Summary
Use local LLMs (NPU and CPU) to automatically identify and fill content gaps — undefined terms, missing definitions, absent cross-references — across the repository. The system NLP-analyzes files, detects notable terms, checks whether they are defined in-scope, and if not, uses local models to generate initial term/concept files. This runs concurrently with triage enrichment: NPU handles generation while CPU handles classification.
Motivation
Every file we create references terms that may not yet exist as their
own files. When Claude writes a text about quantization, it links to
terms/quantization.md — but that file may not exist, or may be a
stub. Currently, filling these gaps requires Claude (expensive, slow)
or manual effort.
Local models on this hardware can produce good-enough initial definitions — phi-4-mini on NPU answered “What’s nihilism?” with content that would serve as a reasonable starting point for a term page. With proper prompting and the frontmatter spec as context, local models can generate term files that meet minimum quality standards. A human or higher-trust model can review and improve them later.

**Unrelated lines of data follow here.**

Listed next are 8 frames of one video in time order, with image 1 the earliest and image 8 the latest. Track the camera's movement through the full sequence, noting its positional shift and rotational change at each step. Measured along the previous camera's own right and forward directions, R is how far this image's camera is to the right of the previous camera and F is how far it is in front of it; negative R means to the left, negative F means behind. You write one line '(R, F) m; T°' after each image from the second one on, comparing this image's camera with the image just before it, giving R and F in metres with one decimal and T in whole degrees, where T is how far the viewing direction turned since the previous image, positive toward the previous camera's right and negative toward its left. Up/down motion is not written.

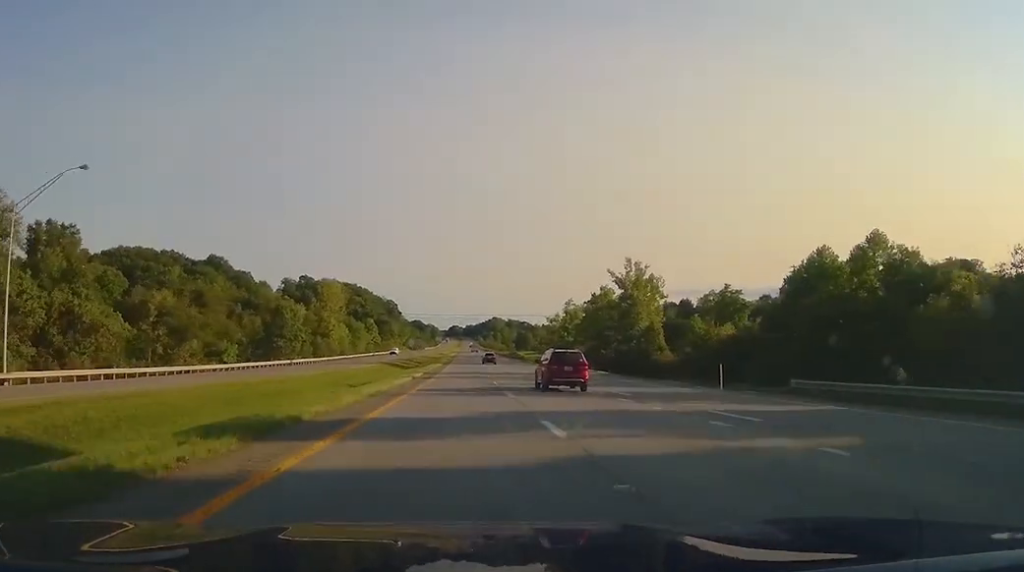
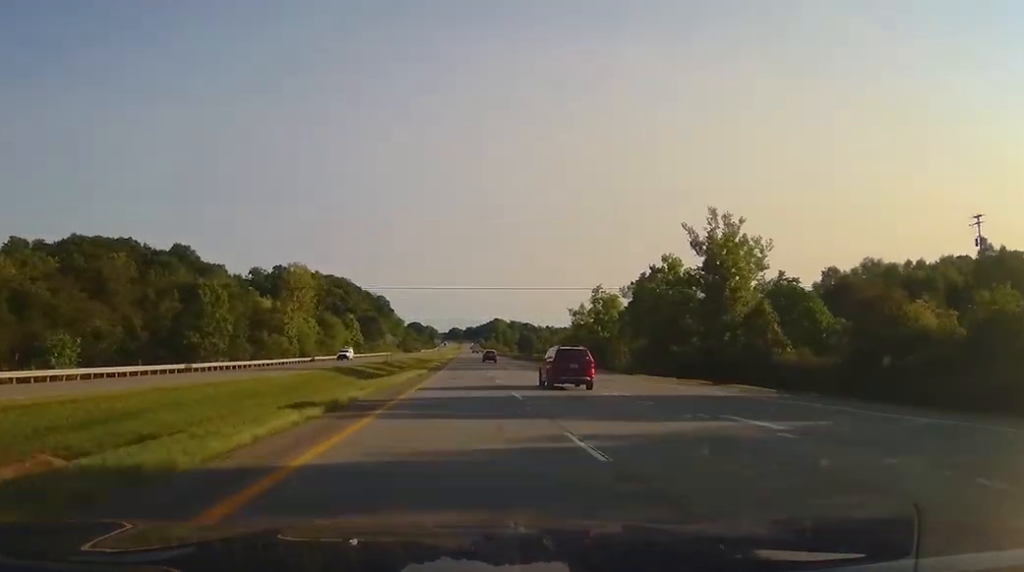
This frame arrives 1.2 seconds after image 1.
(-0.2, +39.5) m; -1°
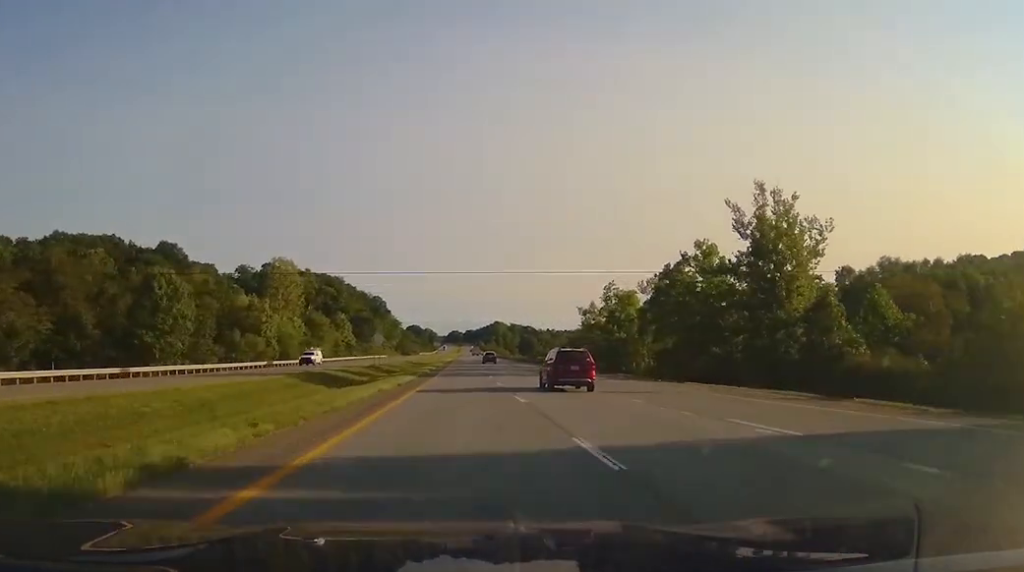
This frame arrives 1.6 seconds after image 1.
(0.0, +12.8) m; 0°
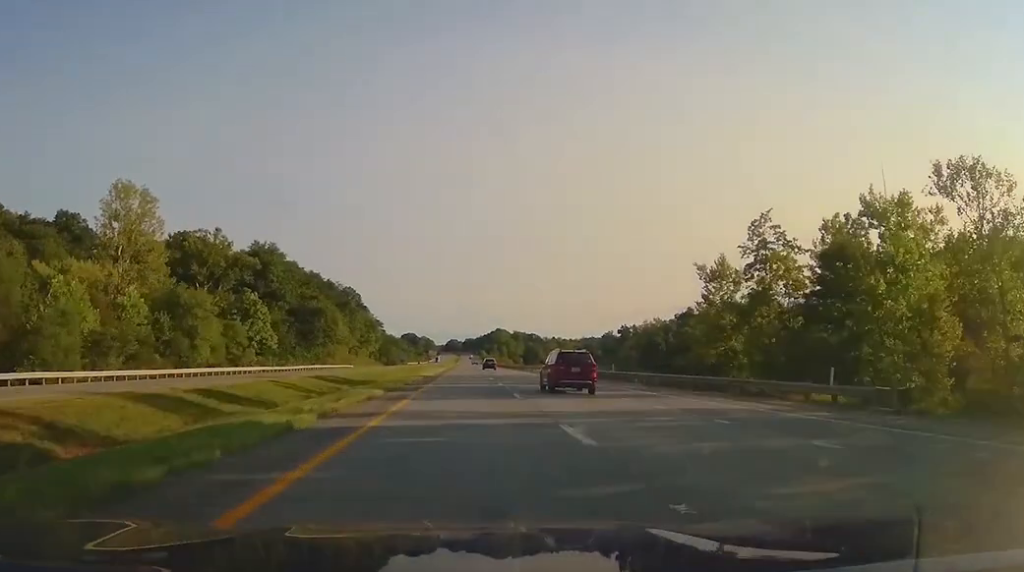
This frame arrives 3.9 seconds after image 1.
(+0.3, +71.9) m; +1°
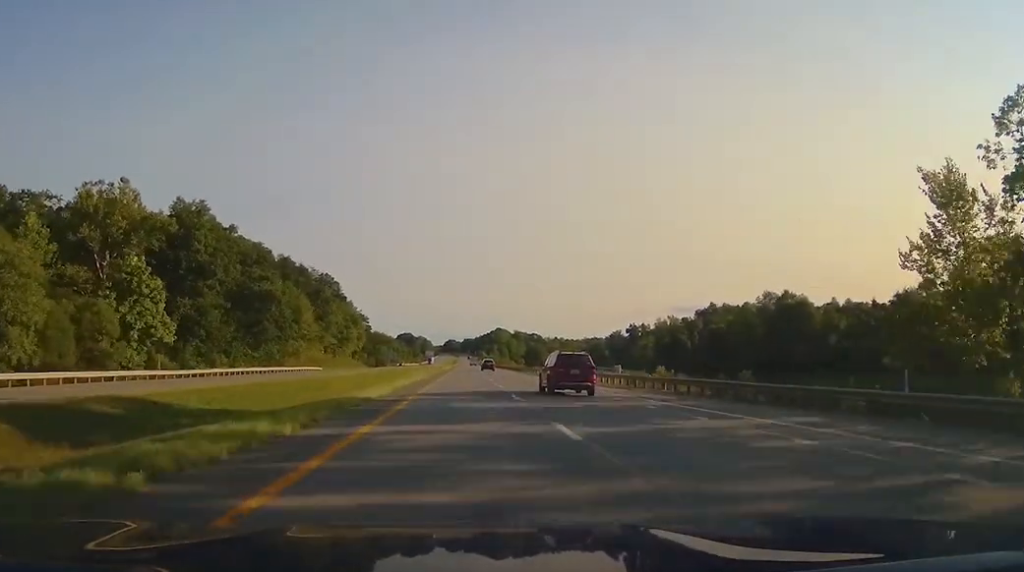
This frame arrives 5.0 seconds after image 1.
(+0.2, +36.5) m; 0°
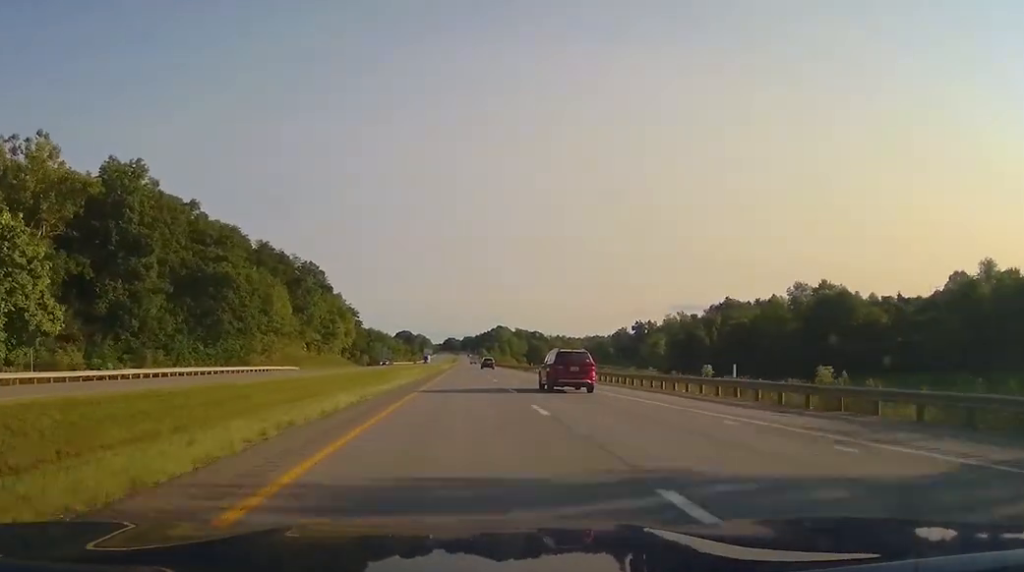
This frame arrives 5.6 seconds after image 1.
(0.0, +20.3) m; 0°
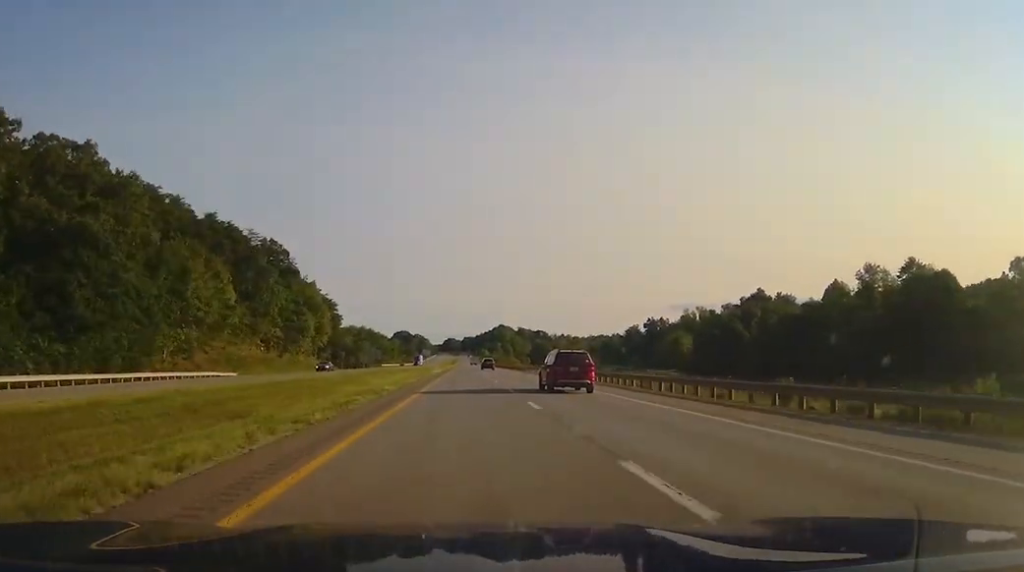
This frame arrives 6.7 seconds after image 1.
(-0.1, +35.1) m; 0°
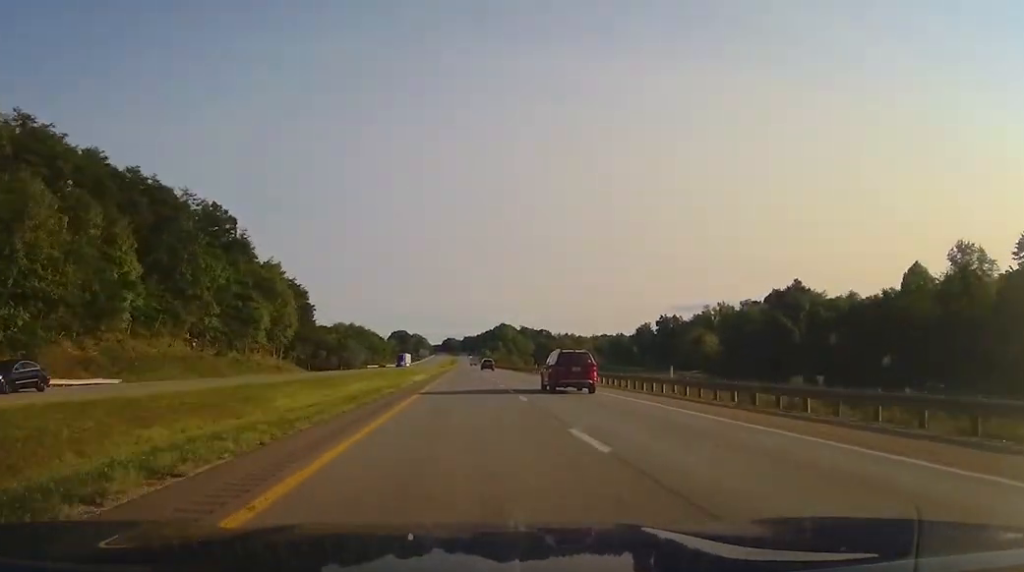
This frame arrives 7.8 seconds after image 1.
(0.0, +33.0) m; 0°

The repository has 4,214 triage files and growing discipline content. The gap between “files that exist” and “terms those files reference” will only widen. Automating the initial coverage lets Claude focus on quality improvements and architectural work rather than basic definition-writing.
Approach
Phase 1: Term extraction (spaCy NLP)
Script that reads published content files and extracts notable terms:
- Named entities, noun phrases, and wikilink targets
- Filters against existing term/concept files
- Outputs a gap report: terms referenced but not defined
Phase 2: Term triage
For each gap term, ask a local model (classification task):
- Is this term worth defining? (Score 0-3)
- What discipline does it belong to?
- Is it a term (thing) or concept (relation)?
Phase 3: Term generation
For terms scoring >= 2, ask a generation model:
- Generate frontmatter + one-paragraph definition
- Use the semiotic-markdown spec as context
- Place the file in the appropriate discipline directory
Phase 4: Cross-reference audit
After generating term files, re-scan to:
- Fix broken wikilinks that now have targets
- Identify second-order gaps (terms referenced by generated terms)
- Report coverage metrics
Concurrency model
- CPU (Ollama): triage enrichment (classification, ongoing)
- NPU (Foundry): term generation (this pipeline)
- Both run as background processes with no contention
local_llm.suggest_model()routes tasks to the right backend
Steps
- Install spaCy and a small English model (
en_core_web_sm) - Write
scripts/extract-term-gaps.py— NLP-based gap detection - Write
scripts/generate-term-files.py— local model term generation - Create a skill wrapping the pipeline (extract → triage → generate)
- Test on one discipline module (e.g., computing)
- Run at scale, review output quality
- Integrate into regular maintenance workflow
Also in scope
- Proceduralized delegation: formalize how tasks are routed to
local models based on required capabilities. The
suggest_model()function is the seed; this plan should produce a specification for task→model routing that other skills can reference. - Model capability mapping: maintain a structured record of what each available model is good at (classification, generation, extraction, reasoning) based on empirical testing during this work.
Done when
- Gap extraction script identifies undefined terms across at least one discipline
- Generation script produces term files that pass frontmatter validation
- Pipeline runs concurrently with triage enrichment (CPU + NPU)
- Task→model routing is documented and used by at least 3 scripts
- Coverage metrics are reported (terms defined / terms referenced)
Dependencies
- local_llm.py with suggest_model() (done)
- Foundry Local running on NPU (done)
- spaCy (to be installed)
Log
2026-03-08 — Created. Motivated by observing that phi-4-mini on NPU produces reasonable definitions in ~3s, and that the repo has thousands of undefined term references. The local model infrastructure overhaul (check-environment.py, local_llm.py, suggest_model()) provides the foundation.